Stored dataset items
--------------------------------------------------

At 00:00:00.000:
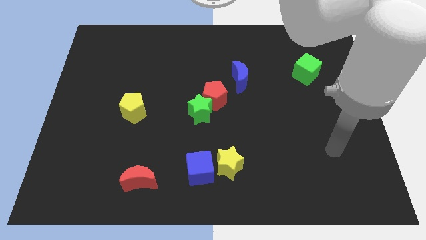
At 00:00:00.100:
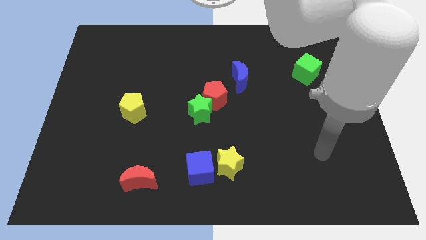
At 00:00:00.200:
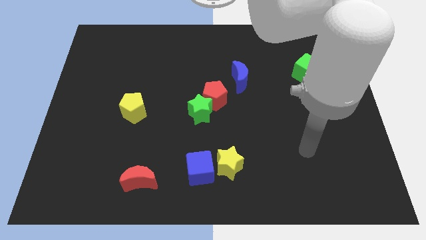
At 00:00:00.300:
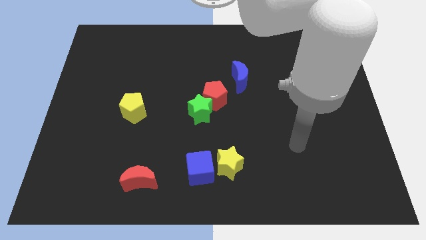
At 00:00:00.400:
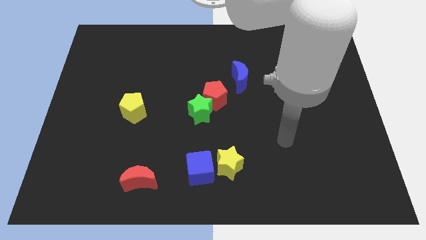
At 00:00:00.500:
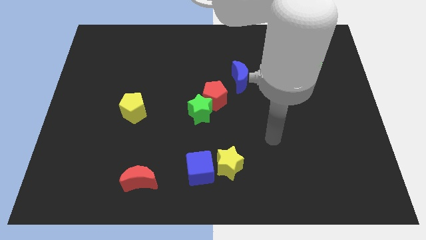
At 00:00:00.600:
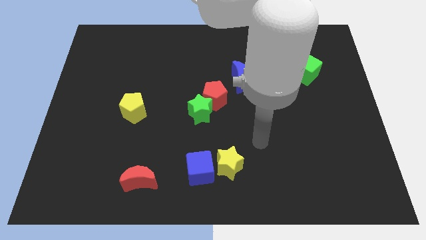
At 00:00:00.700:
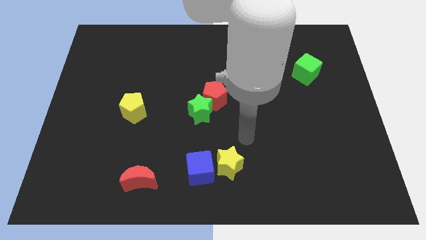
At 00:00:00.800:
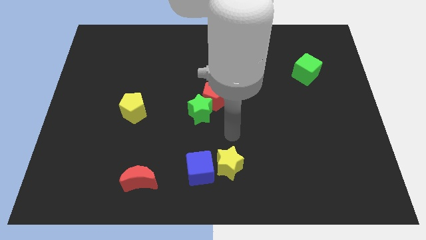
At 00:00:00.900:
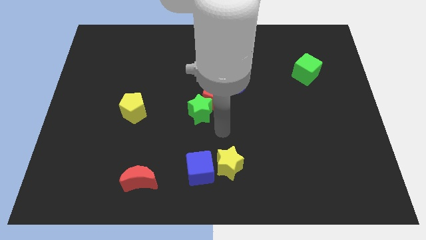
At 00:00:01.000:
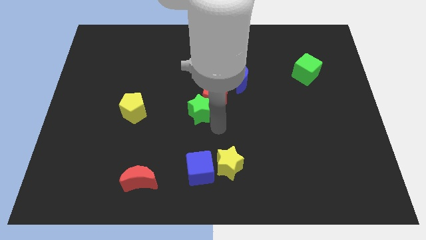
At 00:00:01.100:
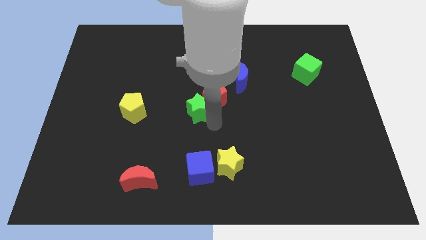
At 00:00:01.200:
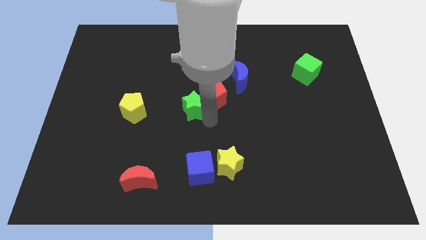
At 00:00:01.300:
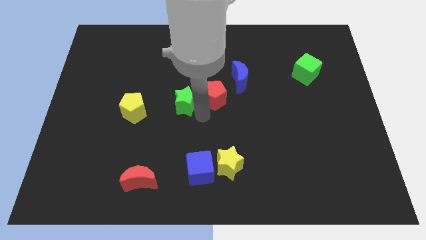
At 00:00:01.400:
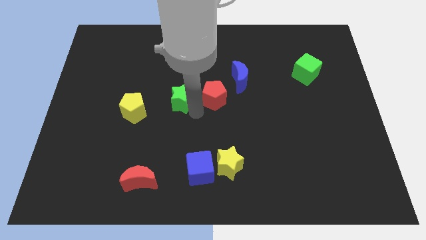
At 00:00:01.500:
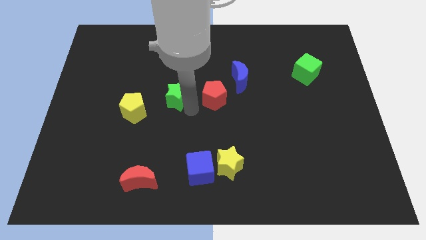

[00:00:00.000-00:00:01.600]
push the green star upwards and to the left a little bit

--------------------------------------------------

(WHAT TO WORK ON): Take the data above and set it down exactly, images excluded.

(YOUR RESPONSE):
At 00:00:00.000:
At 00:00:00.100:
At 00:00:00.200:
At 00:00:00.300:
At 00:00:00.400:
At 00:00:00.500:
At 00:00:00.600:
At 00:00:00.700:
At 00:00:00.800:
At 00:00:00.900:
At 00:00:01.000:
At 00:00:01.100:
At 00:00:01.200:
At 00:00:01.300:
At 00:00:01.400:
At 00:00:01.500:

[00:00:00.000-00:00:01.600]
push the green star upwards and to the left a little bit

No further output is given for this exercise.